Back in August, I wrote about a Chinese startup’s mission to rope in $50,000 towards the production of its Remix Mini, the self-proclaimed “world’s first true Android PC.” That very same day, not only did Jide receive its goal of $50,000 in pledges, it exceeded its objectives twenty-fold to the tune of $1 million pledged.
Now, if you didn’t get the chance to score a Remix Mini when it was available for 20 bucks on Kickstarter, the company has posted a more capacious offering on Amazon, albeit at a steeper cost. To be clear, this isn’t the version with 1GB of RAM and 8GB of flash storage we saw on Kickstarter earlier this year. Instead, this version boasts 2GB of RAM and 16GB of storage, with a going rate of $70. Still not a bad deal by any means, but it’s no twenty-dollar computer.
Nonetheless, the Remix Mini comes fully stocked with Remix OS, a custom Android kernel that makes the mobile platform run more akin to a desktop OS like Windows, or more comparably, Linux. While its appearance may remind you of an Apple TV or a Roku, it’s intended to be used more like a desktop, with a mouse and keyboard, rather than an entertainment system.
With the Remix Mini, you can compose and revise documents, browse the Internet, play games, and do practically anything else you could do with an Android phone or tablet. The main difference is hardware connections. While most phones and tablets running Android aren’t equipped with proper HDMI or Ethernet ports, the Remix Mini is, making it a convenient and affordable choice for projecting to a monitor and establishing a wired network connection.
While I haven’t had the chance to test out a Remix Mini for myself, Brad Linder from Liliputing said it “really does feel like a desktop… sometimes.”
That’s because while it adds a taskbar, start menu, resizable windows, and other features you might expect from a desktop, much of the software fails to make a smooth transition from phone to PC. A lot of Android games, for instance, don’t work well with a traditional mouse and keyboard setup. And even though you can plug in any controller supported by the OS, not every game is going to have support for those inputs.
“When I tried using Firefox to write blog posts for Liliputing,” Linder writes, “there was horrible lag between the time I typed a word on the keyboard and the time it showed up on the screen.”

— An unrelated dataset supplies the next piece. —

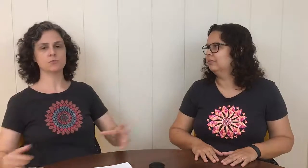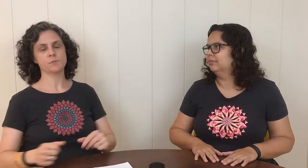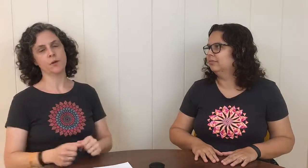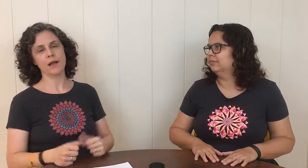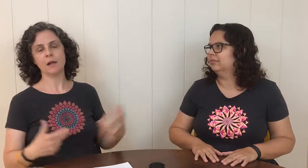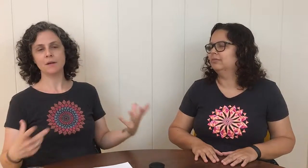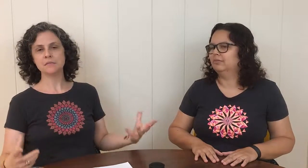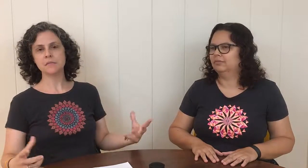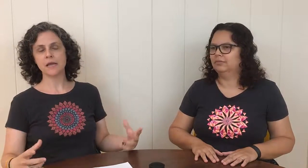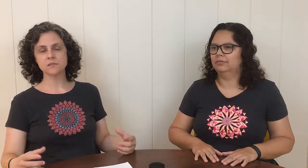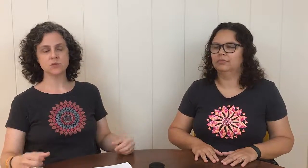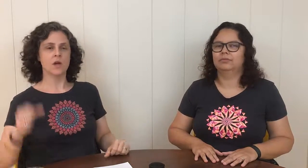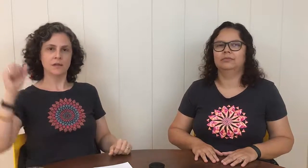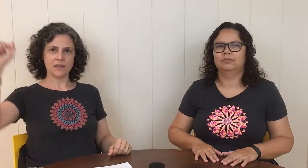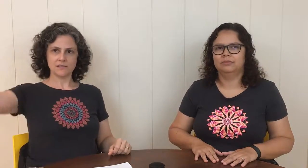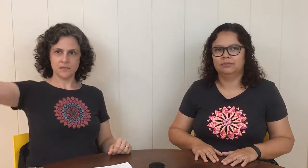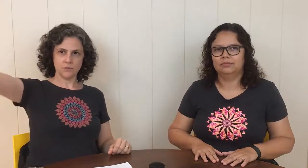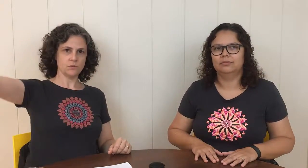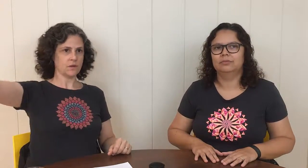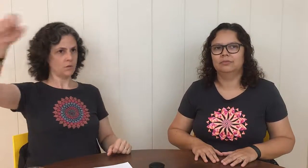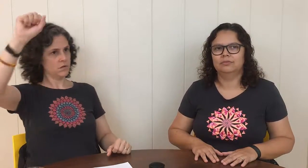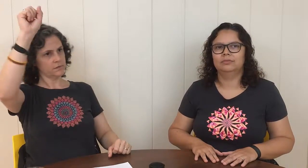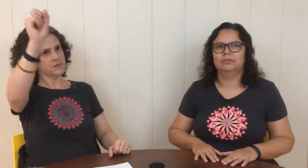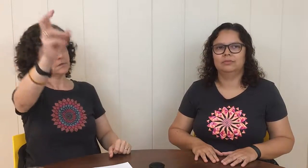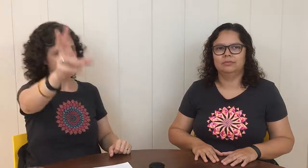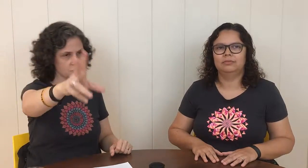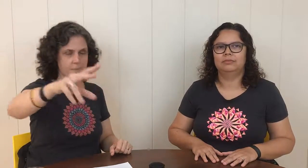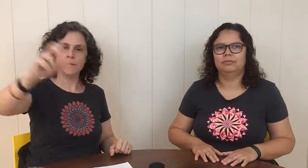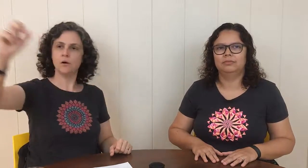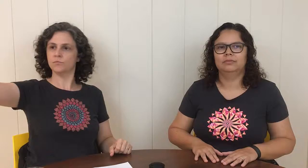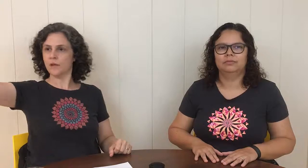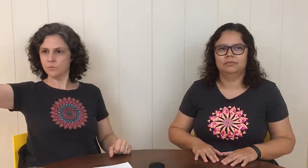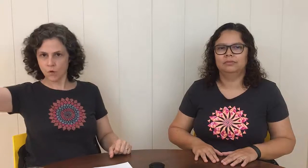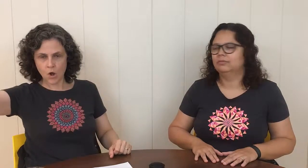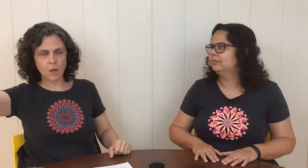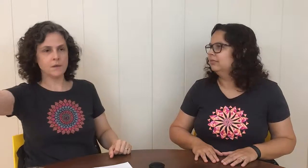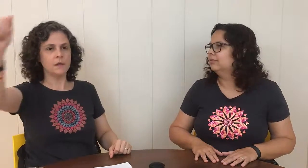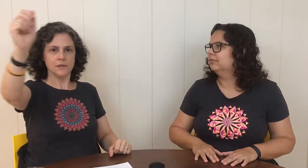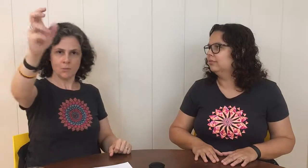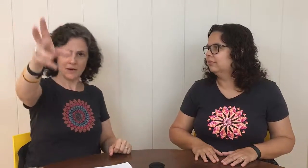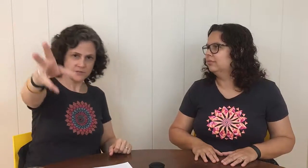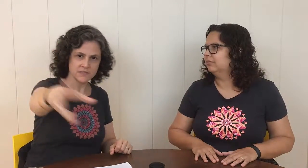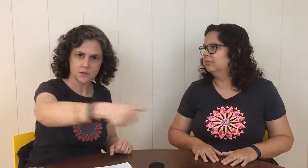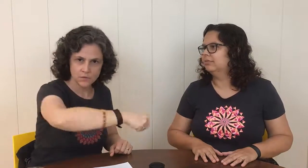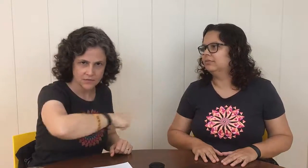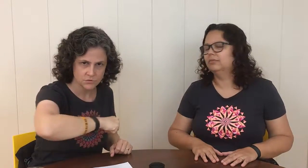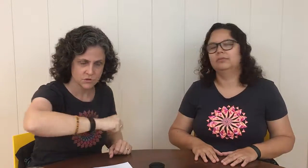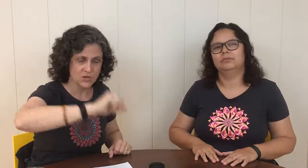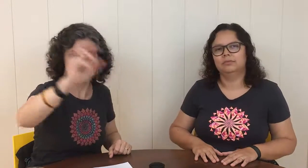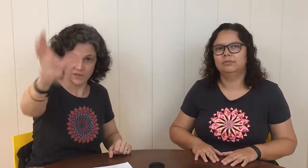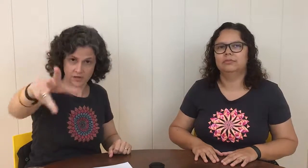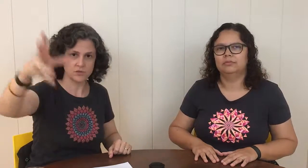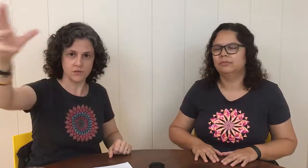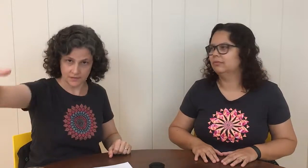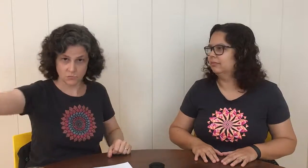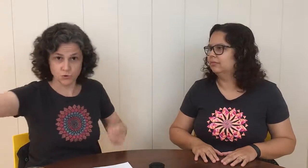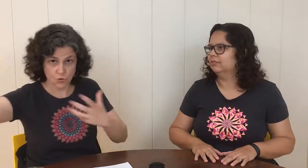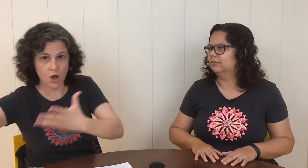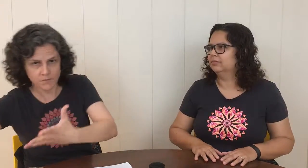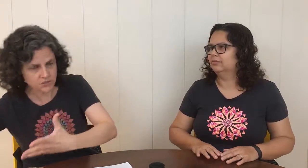de explorar. É a camélia cinense, está dizendo que do Taiwan, está dizendo que é do Japão, tem um nome. Tem uma classificação, no caso dos chás verdes, que tem os nomes.

On the bright side, Remix Mini is much better at running video streaming services like Netflix and YouTube. Then again, so is a Fire TV Stick or a Chromecast, and at even more affordable prices. If you’re in desperate need of a cheap computer for writing up Google Docs or light web browsing and gaming, Remix Mini might satisfy that quick fix. If you’re looking for something more intensive, however, you may want to search in the complete opposite direction.
The 16GB Remix Mini is currently available exclusively on Amazon in the United States. There’s no word yet on whether the original, less expensive version is going to make its way to market.